The highest values of dark respiration (R _d) were registered during spring under MO (approximately 5.4 μmol m⁻² s⁻¹), whereas the mean values during the other seasons varied between 2 μmol m⁻² s⁻¹ and 3 μmol m⁻² s⁻¹ under MO (Figure 4A). Yerba mate leaves under AFS presented lower R _d values than under MO during all seasons. Clone differentiation in R _d was noticed only during the summer rest period 1 (R1) and spring growth unit 2 (GU2) periods (Supplementary Table 2). The R _d values of ♂ clone 82 and ♀ clone 12 were higher than those of ♂ clone 1 and ♀ clone 84 under both cultivation systems during the summer R1 period. On the other hand, the mean R _d value of ♀ clone 84 was higher than those of ♂ clone 82 and ♀ clone 12 under MO during the spring GU2 period. Such variation in clonal R _d responses indicates that no secondary sexual dimorphism was observed in R _d during the annual experimental period (Supplementary Table 3).

Light respiration (R _L) was lower than R _d but had a similar trend through the seasons (Figure 4; Supplementary Table 1). The only difference between the R _d and R _L trends was observed during the summer rest (R1) period when R _L did not differ among clones (Figure 4B), as happened for R _d (Figure 4A). Yerba mate leaves under AFS presented lower R _L values than under MO during all seasons (Figure 4B). A significant clone effect was registered only during the spring GU2 period when ♀ clone 84 showed the highest R _L under MO conditions. No SSD was observed in R _L during any season (Supplementary Table 3).

The highest values of maximum RuBisCO carboxylation rate (V _cmax) and maximum electron transport rate (J _max) were registered during the fall GU1 period, and the lowest ones during the spring GU2 period (Figure 5; Supplementary Table 1). Yerba mate leaves under AFS presented lower V _cmax than under MO from fall GU1 to spring GU2 period (Figure 5A; Supplementary Table 2). A similar trend was observed for J _max but with differences among clones (Figure 5B; Supplementary Table 2). Clones 1 (♂) and 84 (♀) during the fall and clone 84 (♀) during the spring GU2 had similar J _max values in both cultivation systems, whereas the other two clones showed higher J _max values in MO than in AFS. As found for R _L, no SSD was observed in V _cmax (Figure 5A) or J _max (Figure 5B) during any season (Supplementary Table 3).

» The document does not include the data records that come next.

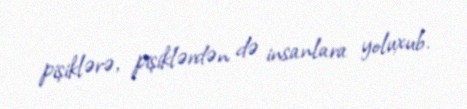
pişiklərə, pişiklərdən də insanlara yoluxub.
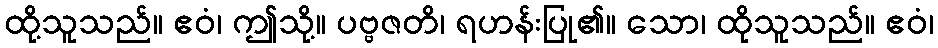
ထို့သူသည်။ ဧဝံ၊ ဤသို့။ ပဗ္ဗဇတိ၊ ရဟန်းပြု၏။ သော၊ ထိုသူသည်။ ဧဝံ၊
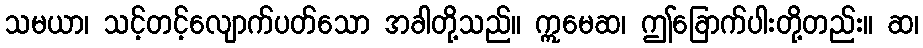
သမယာ၊ သင့်တင့်လျောက်ပတ်သော အခါတို့သည်။ ဣမေဆ၊ ဤခြောက်ပါးတို့တည်း။ ဆ၊

The general effect of seasons on R _L/R _d or J _max/V _cmax ratios was not significant during the annual yerba mate growth (Figure 6; Supplementary Table 1), but both ratios were changed by cultivation systems in all growth periods, with the exception of the fall GU1 period (Supplementary Table 2). Considering the cultivation system effect over the seasons, the R _L/R _d was higher in MO than in AFS during the summer and winter rest pauses in all clones (Figure 6A). Clones 1 (♂) and 84 (♀) showed higher R _L/R _d under MO than AFS only during the spring GU2 period. The ♀ clone 12 showed similar R _L/R _d in both cultivation systems, while the ♂ clone 82 showed higher R _L/R _d under AFS than in MO. Such clonal variation suggested that SSD in R _L/R _d was not expressed during the spring GU2. On the other hand, SSD was expressed in R _L/R _d during the winter R2 (Supplementary Table 3), with higher values in males than in females in both cultivation systems, indicating lower inhibition of light respiration in females than in males.

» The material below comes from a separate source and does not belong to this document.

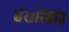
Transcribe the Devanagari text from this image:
हंसस्थिति
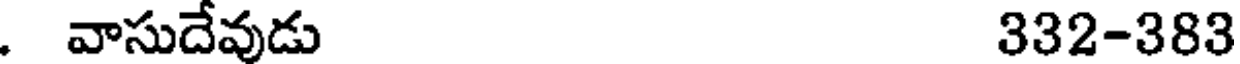
. వాసుదేవుడు 332-383

In the summer R1, the J _max/V _cmax ratio was higher in MO than AFS only in ♀ clone 84, while the opposite was found in ♂ clone 82 (Figure 6B; Supplementary Table 2). During the winter R2, J _max/V _cmax was higher in MO than AFS only in ♂ clone 1, with ♀ clone 12 showing an inverse pattern (AFS > MO). During the summer R1, the males expressed a higher J _max/V _cmax ratio than females under AFS but not under MO (Supplementary Table 3).

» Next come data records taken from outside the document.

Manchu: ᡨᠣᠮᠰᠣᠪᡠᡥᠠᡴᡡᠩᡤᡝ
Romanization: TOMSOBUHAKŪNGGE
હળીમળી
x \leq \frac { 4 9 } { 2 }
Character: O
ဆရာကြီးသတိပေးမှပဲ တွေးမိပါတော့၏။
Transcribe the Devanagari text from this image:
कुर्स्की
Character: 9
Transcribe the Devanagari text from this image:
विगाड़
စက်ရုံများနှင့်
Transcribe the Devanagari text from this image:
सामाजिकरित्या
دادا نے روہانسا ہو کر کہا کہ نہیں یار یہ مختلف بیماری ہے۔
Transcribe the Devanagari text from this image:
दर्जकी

The expression of SSD in photosynthetic performance was observed in six of eleven observed traits, mostly during rest periods (6/24 for traits with SSD expression) than during growth unit formations (3/24). The SSD expression over annual rhythmic growth was not significantly different between the periods of rest and GU formation (Supplementary Table 4).